Whenever possible, I try to find and use FOSS tools in my academic life. FOSS stands for “free, open-source software,” where “free” in this context means “freedom” and not simply its cost (though its cost is also free). While there are various levels of zealousness in the open-source community (as well as various debates about what constitutes freedom), I try to make use of it not only for my own ideological reasons but because it is a better way to develop software. Without this turning into too much of a lecture about the merit of FOSS, it is enough to say that I am always seeking out ways to incorporate FOSS into my work.

A recently indispensable tool is qpdf:

GitHub - qpdf/qpdf: QPDF: A content-preserving PDF document transformer

QPDF: A content-preserving PDF document transformer - qpdf/qpdf

At one point or another in an academic career, you are likely to struggle to do something with a PDF. While I generally think standardization can be useful so that we are not in a constant battle over formats, the standardization of PDF as the go-to document format is disappointing. Adobe’s software is garbage for a variety of reasons, and many things you might want to do with a PDF requires more pain than it ever should. Luckily, qpdf fixes a lot of this pain, assuming you are comfortable with the CLI software.
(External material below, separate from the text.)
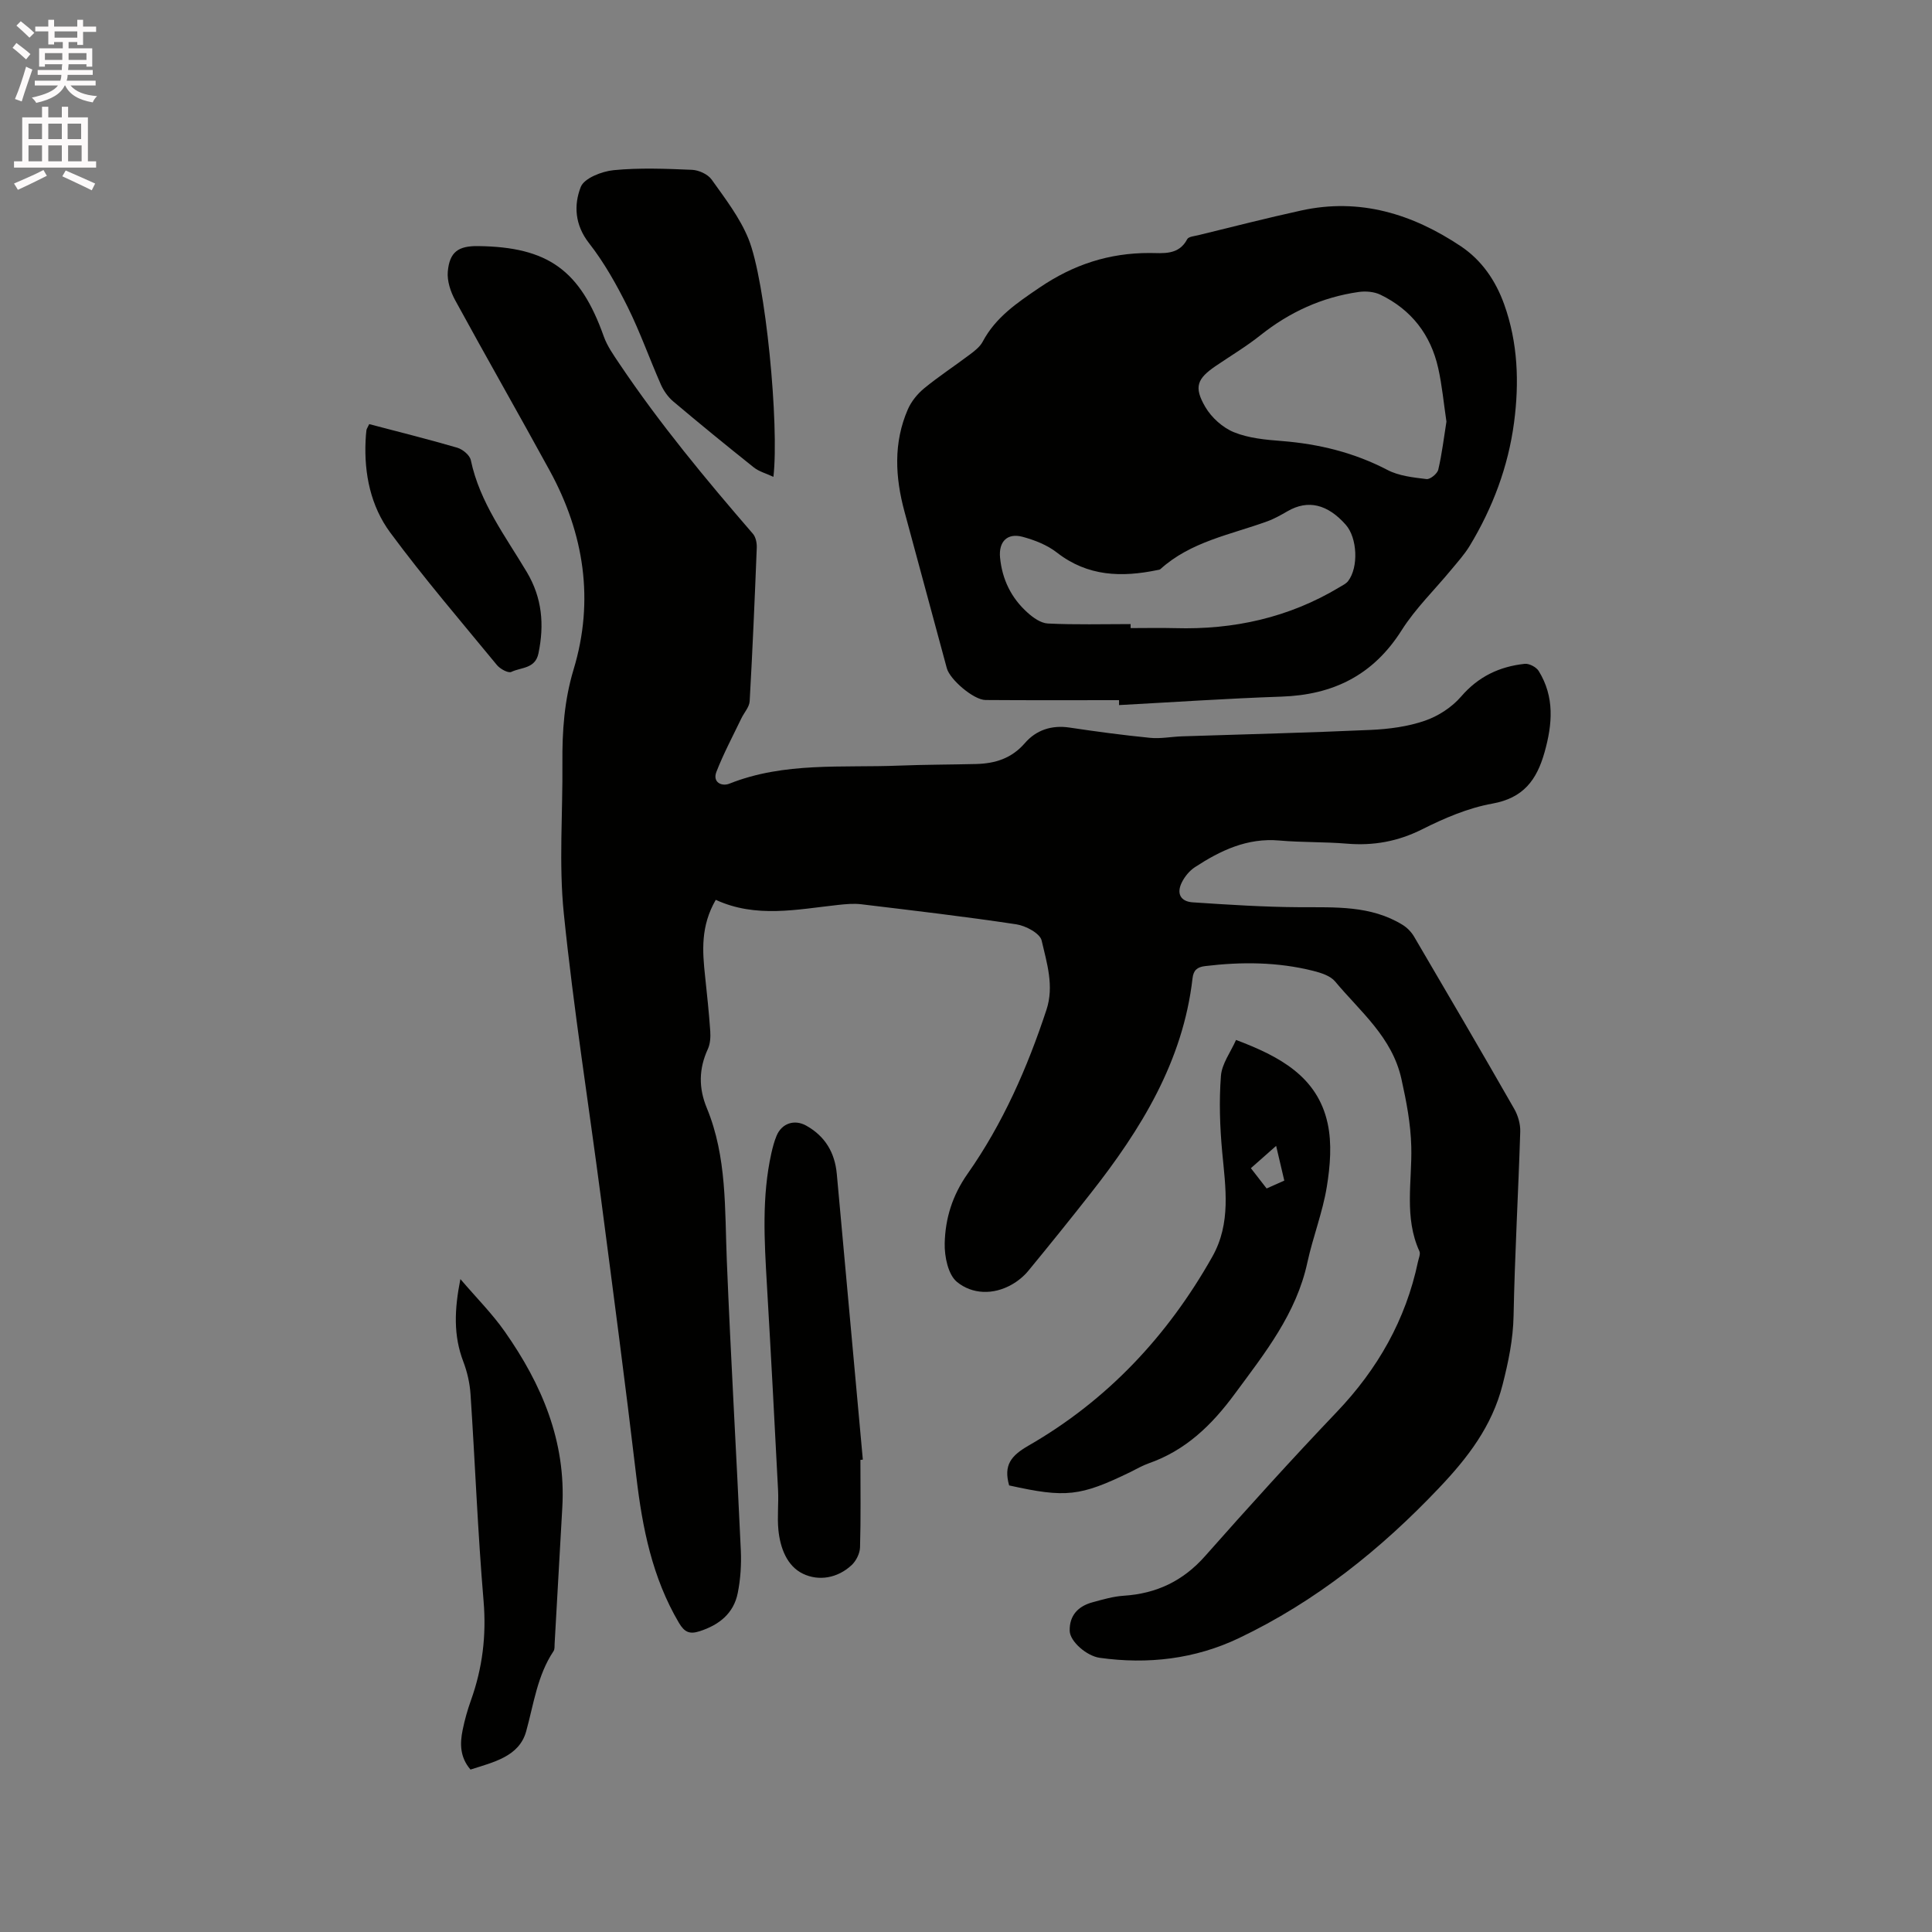 <svg enable-background="new 0 0 400 400" viewBox="0 0 400 400" xmlns="http://www.w3.org/2000/svg"><rect x="0" y="0" width="400" height="400" fill="#808080" stroke="none"/><path d="m2.6 9.9.8-1c.9.7 1.9 1.4 2.9 2.3l-.9 1.1c-1.1-1-2-1.8-2.8-2.4zm.5 10.6c.9-2.1 1.6-4.3 2.3-6.7.4.2.8.4 1.3.6-.7 2.1-1.5 4.3-2.2 6.6zm.3-15.2.9-.9c1 .8 2 1.6 2.8 2.4l-1 1c-.9-.9-1.8-1.7-2.7-2.5zm12.6-1.2h1.2v1.4h2.7v1.1h-2.7v2.7h-1.2v-.6h-1.8v1.3h4.9v3.8h-1.2v-.5h-3.7c0 .4-.1.9-.1 1.2h5.1v1h-5.2c0 .5-.1.9-.2 1.2h6v1h-5.2c1.1 1.3 2.9 2 5.5 2.2-.4.4-.7.8-.9 1.3-2.9-.5-4.8-1.6-5.7-3.5h-.1c-.8 1.7-2.7 2.9-5.9 3.6-.2-.4-.6-.8-.9-1.1 2.8-.6 4.6-1.4 5.4-2.5h-4.8v-1h5.3c.1-.3.2-.7.2-1.2h-4.9v-1h5c0-.4 0-.8.1-1.2h-3.6v.5h-1.2v-3.8h4.9v-1.3h-1.8v.5h-1.2v-2.7h-2.7v-1h2.7v-1.4h1.2v1.4h4.8zm-6.7 8.3h3.6c0-.4 0-.9 0-1.4h-3.6zm1.9-4.6h4.8v-1.3h-4.7v1.3zm6.7 3.2h-3.7v1.4h3.7z" fill="#fcfafa"/><path d="m8.7 22.1h1.3v2.2h2.8v-2.2h1.3v2.2h4.1v9.1h1.7v1.3h-17v-1.3h1.7v-9.1h4.1zm.3 13.1.7 1.2c-1.8.9-3.8 1.9-6 2.9-.2-.4-.5-.8-.8-1.3 2.3-1 4.4-1.9 6.1-2.8zm-3.1-6.4h2.8v-3.2h-2.8zm0 4.6h2.8v-3.3h-2.8zm4.1-4.6h2.8v-3.2h-2.8zm0 4.6h2.8v-3.3h-2.8zm3.6 1.9c2.1.9 4.1 1.8 6.1 2.7l-.7 1.4c-2.2-1.1-4.2-2-6.1-2.9zm3.2-9.7h-2.8v3.2h2.8zm-2.7 7.8h2.8v-3.3h-2.8z" fill="#fcfafa"/><g fill="#010100"><path d="m148.19 186.3c-3.15 5.45-2.77 10.61-2.21 15.8.4 3.79.81 7.59 1.07 11.39.08 1.23 0 2.62-.5 3.71-1.88 4.08-1.93 8.06-.21 12.21 4.19 10.15 3.7 20.92 4.14 31.6.81 20.01 1.99 40 2.9 60 .13 2.93-.06 5.95-.64 8.82-.85 4.23-3.86 6.6-7.89 7.9-2.05.66-3.12.23-4.28-1.73-5.52-9.36-7.57-19.63-8.82-30.25-2.27-19.25-4.82-38.47-7.33-57.7-2.57-19.64-5.68-39.23-7.69-58.93-1.05-10.29-.2-20.76-.29-31.16-.05-6.56.37-12.91 2.32-19.37 4.32-14.27 2.18-28.12-4.95-41.15-6.45-11.8-13.13-23.47-19.57-35.28-.96-1.76-1.7-4.01-1.53-5.93.37-4.08 2.18-5.33 6.27-5.28 14.51.17 21.16 5.02 26.02 18.69.72 2.03 2.04 3.88 3.26 5.7 8.34 12.41 17.86 23.88 27.62 35.17.6.69.84 1.93.8 2.9-.42 10.59-.87 21.19-1.47 31.77-.07 1.21-1.15 2.36-1.72 3.55-1.76 3.67-3.69 7.28-5.16 11.06-.86 2.2 1.11 3.08 2.68 2.46 11.4-4.54 23.38-3.26 35.18-3.74 5.29-.21 10.59-.2 15.89-.33 3.94-.1 7.36-1.14 10.13-4.35 2.3-2.66 5.5-3.75 9.19-3.2 5.55.83 11.12 1.58 16.71 2.13 2.18.22 4.42-.24 6.63-.31 13.02-.43 26.05-.74 39.07-1.33 3.77-.17 7.65-.68 11.19-1.9 2.77-.95 5.6-2.79 7.5-5 3.58-4.16 7.96-6.22 13.17-6.78.93-.1 2.4.67 2.9 1.48 3.31 5.36 2.86 10.98 1.21 16.84-1.62 5.74-4.37 9.46-10.81 10.62-5.01.9-9.94 3.01-14.53 5.32-5.03 2.52-10.08 3.43-15.59 2.97-4.64-.39-9.33-.24-13.97-.65-6.66-.59-12.21 2.07-17.5 5.53-1.1.72-2.06 1.89-2.66 3.07-1.19 2.32-.35 4.03 2.23 4.2 7.38.49 14.78.97 22.17 1.01 7.34.04 14.68-.4 21.27 3.65.94.58 1.81 1.47 2.37 2.42 6.97 11.87 13.92 23.75 20.75 35.69.78 1.37 1.29 3.14 1.24 4.71-.4 12.71-1.13 25.4-1.38 38.11-.1 4.94-1.07 9.54-2.28 14.3-2.18 8.59-7.24 15.13-13.12 21.32-12.06 12.73-25.58 23.55-41.45 31.12-9.1 4.34-18.85 5.48-28.85 4.08-2.69-.38-6.14-3.38-6.2-5.57-.08-3.21 1.75-5.11 4.71-5.92 2.13-.58 4.3-1.22 6.48-1.36 6.78-.44 12.28-3.05 16.85-8.22 8.92-10.08 17.95-20.07 27.24-29.81 8.49-8.9 14.3-19.1 16.83-31.14.15-.71.55-1.59.3-2.14-3.21-7.02-1.51-14.43-1.69-21.65-.12-4.82-1.01-9.36-2.04-14.03-1.93-8.69-8.52-13.93-13.74-20.2-.98-1.17-2.9-1.77-4.5-2.18-7.39-1.86-14.88-1.9-22.41-.99-1.65.2-2.41.86-2.6 2.53-1.98 17.21-10.67 31.26-21.06 44.48-4.25 5.41-8.57 10.77-12.94 16.08-.92 1.12-2.13 2.11-3.39 2.83-3.87 2.21-8.23 2.04-11.38-.53-1.84-1.51-2.6-5.26-2.54-7.98.12-5.15 1.56-9.89 4.75-14.43 7.27-10.35 12.36-21.91 16.32-33.94 1.62-4.92.07-9.7-1-14.34-.34-1.48-3.3-3.06-5.24-3.35-10.66-1.61-21.38-2.86-32.09-4.15-1.56-.19-3.18-.04-4.76.13-8.51.92-17.03 2.8-25.38-1.05z"/><path d="m231.68 144.96c-9.21 0-18.43.04-27.64-.03-2.47-.02-7.39-4.25-8.01-6.58-2.91-10.81-5.84-21.63-8.77-32.44-1.93-7.13-2.31-14.24.7-21.16.72-1.65 2-3.22 3.4-4.37 3.03-2.48 6.32-4.63 9.45-6.99 1-.75 2.09-1.6 2.65-2.66 2.69-5.06 7.12-8.03 11.74-11.17 7.01-4.77 14.4-7.2 22.82-7.18 2.75.01 6.02.52 7.78-2.86.28-.54 1.5-.63 2.31-.83 7.09-1.73 14.17-3.55 21.3-5.11 12.12-2.66 22.99.7 33.02 7.39 4.36 2.91 7.24 7.15 8.99 12.03 2.85 7.94 3.14 16.19 2.05 24.47-1.21 9.14-4.41 17.64-9.17 25.52-1.08 1.78-2.51 3.36-3.85 4.98-3.43 4.16-7.39 7.99-10.25 12.51-5.88 9.3-14.17 13.39-24.91 13.75-11.21.38-22.41 1.15-33.61 1.75.02-.35.01-.69 0-1.02zm67.79-57.67c-.57-3.8-.9-7.5-1.71-11.1-1.55-6.9-5.55-12.07-11.95-15.17-1.3-.63-3.05-.78-4.51-.57-7.59 1.08-14.32 4.17-20.33 8.95-2.89 2.3-6.09 4.22-9.16 6.3-3.96 2.68-4.7 4.39-2.27 8.55 1.28 2.2 3.6 4.29 5.94 5.24 3.05 1.24 6.56 1.56 9.91 1.82 7.69.61 14.97 2.39 21.87 5.99 2.39 1.25 5.34 1.55 8.09 1.89.75.09 2.24-1.12 2.43-1.96.77-3.28 1.16-6.65 1.69-9.94zm-65.39 41.92v.83c3.07 0 6.14-.07 9.21.01 12.14.35 23.55-2.17 34.03-8.47.63-.38 1.36-.72 1.79-1.27 2.2-2.86 1.91-8.96-.48-11.66-3.79-4.29-7.83-5.23-12-2.84-1.38.79-2.77 1.59-4.26 2.13-7.61 2.77-15.82 4.18-22.12 9.89-.14.13-.39.15-.6.19-7.42 1.54-14.45 1.35-20.83-3.62-2.01-1.57-4.62-2.59-7.11-3.26-3.21-.86-4.97 1.05-4.66 4.3.44 4.54 2.32 8.37 5.67 11.38 1.17 1.06 2.77 2.2 4.23 2.27 5.7.28 11.42.12 17.13.12z"/><path d="m208.93 307.54c-1.19-4.22.39-6.15 4.03-8.25 16.32-9.39 28.8-22.72 38.04-39.11 3.92-6.96 2.73-14.3 2.04-21.7-.48-5.21-.66-10.51-.26-15.72.19-2.53 2.02-4.94 3.13-7.45 9.02 3.4 16.85 7.58 18.96 17.26.92 4.19.53 8.85-.17 13.15-.86 5.29-2.88 10.39-4.02 15.65-2.29 10.62-8.78 18.74-15.02 27.2-4.79 6.51-10.18 11.72-17.86 14.41-1.29.45-2.49 1.16-3.72 1.77-10.45 5.07-13.4 5.4-25.15 2.79zm56.97-63.11c-.56-2.39-1.07-4.56-1.69-7.19-2.04 1.8-3.59 3.17-5.23 4.62 1.16 1.5 2.18 2.81 3.26 4.2 1.23-.55 2.27-1.01 3.66-1.63z"/><path d="m160.13 98.73c-1.56-.73-2.98-1.1-4.04-1.94-5.64-4.49-11.22-9.05-16.73-13.7-1.07-.91-1.97-2.2-2.54-3.49-2.35-5.33-4.29-10.85-6.87-16.05-2.29-4.6-4.85-9.18-8-13.21-2.96-3.79-3.17-7.9-1.71-11.63.71-1.82 4.37-3.24 6.82-3.48 5.36-.52 10.81-.3 16.21-.07 1.41.06 3.28.91 4.07 2.02 2.79 3.92 5.83 7.86 7.62 12.26 3.57 8.8 6.39 38.53 5.17 49.29z"/><path d="m178.14 302.26c0 6.04.1 12.08-.08 18.12-.04 1.26-.81 2.79-1.74 3.66-2.9 2.7-6.78 3.37-10.07 1.79-3.33-1.6-4.72-5.36-5.09-9.06-.27-2.73.07-5.51-.07-8.26-.73-14.18-1.48-28.35-2.31-42.52-.53-9.11-1.08-18.21.92-27.22.28-1.24.6-2.48 1.09-3.64 1.07-2.57 3.7-3.43 6.11-2.09 3.93 2.19 5.94 5.58 6.35 10.01 1.79 19.72 3.59 39.44 5.39 59.15-.18.01-.34.04-.5.06z"/><path d="m97.41 366.37c-2.2-2.56-2.21-5.37-1.62-8.22.42-2.07 1-4.12 1.71-6.11 2.39-6.67 3.22-13.4 2.62-20.55-1.21-14.24-1.75-28.54-2.7-42.8-.15-2.29-.68-4.64-1.5-6.79-2.05-5.37-1.86-10.74-.6-17.08 3.34 3.91 6.59 7.16 9.19 10.87 7.64 10.88 12.69 22.7 11.91 36.39-.54 9.4-1.06 18.8-1.59 28.2-.03.53.04 1.16-.22 1.56-3.38 5.06-4.1 10.95-5.68 16.64-1.46 5.24-6.84 6.37-11.52 7.89z"/><path d="m76.44 87.81c6.06 1.6 12.18 3.11 18.22 4.88 1.13.33 2.61 1.55 2.82 2.59 1.84 8.76 7.17 15.74 11.59 23.16 3.18 5.34 3.65 10.89 2.41 16.84-.67 3.22-3.6 2.85-5.61 3.83-.64.31-2.32-.61-2.98-1.41-7.46-9.07-15.12-18-22.09-27.43-4.03-5.45-5.43-12.13-5.11-19.01.04-.74.08-1.48.18-2.22.05-.28.25-.54.57-1.23z"/></g></svg>

The goal of qpdf is to ease “content-preserving transformations” of PDF files. This becomes a lifesaver when I need to do things that should be simple, but are otherwise complex with Adobe Reader. While qpdf has all kinds of features, here are a few I find myself using all the time:

Simple page extraction

qpdf in.pdf --pages . PAGENUMBERS -- out.pdf

qpdf can parse a variety of inputs for the page numbers, including a single page (e.g. 1), a range of pages (e.g. 1-5), and a noncontinuous group of pages (e.g. 1-5,9,19-35). This flexibility can also allow the rearrangement of pages, as in:

qpdf in.pdf --pages . 15-20,1-14 -- out.pdf

Merge multiple PDFs

qpdf --empty --pages *.pdf -- out.pdf

Assuming you have a directory full of PDF files, the previous command will merge all of them into a single file, out.pdf.

Remove non-page data from a PDF

qpdf --empty --pages in.pdf -- out.pdf

This non-page data command can also be extended to extract specific pages, which can be helpful when selecting pages from PDFs with a table of contents or other non-page data that might be broken in an extracted PDF, for example:

qpdf --empty --pages in.pdf 1-5 -- out.pdf

Splitting, merging, and extracting pages from a PDF can be an incredible pain with other software, but qpdf makes it simple. Cannot recommend it enough!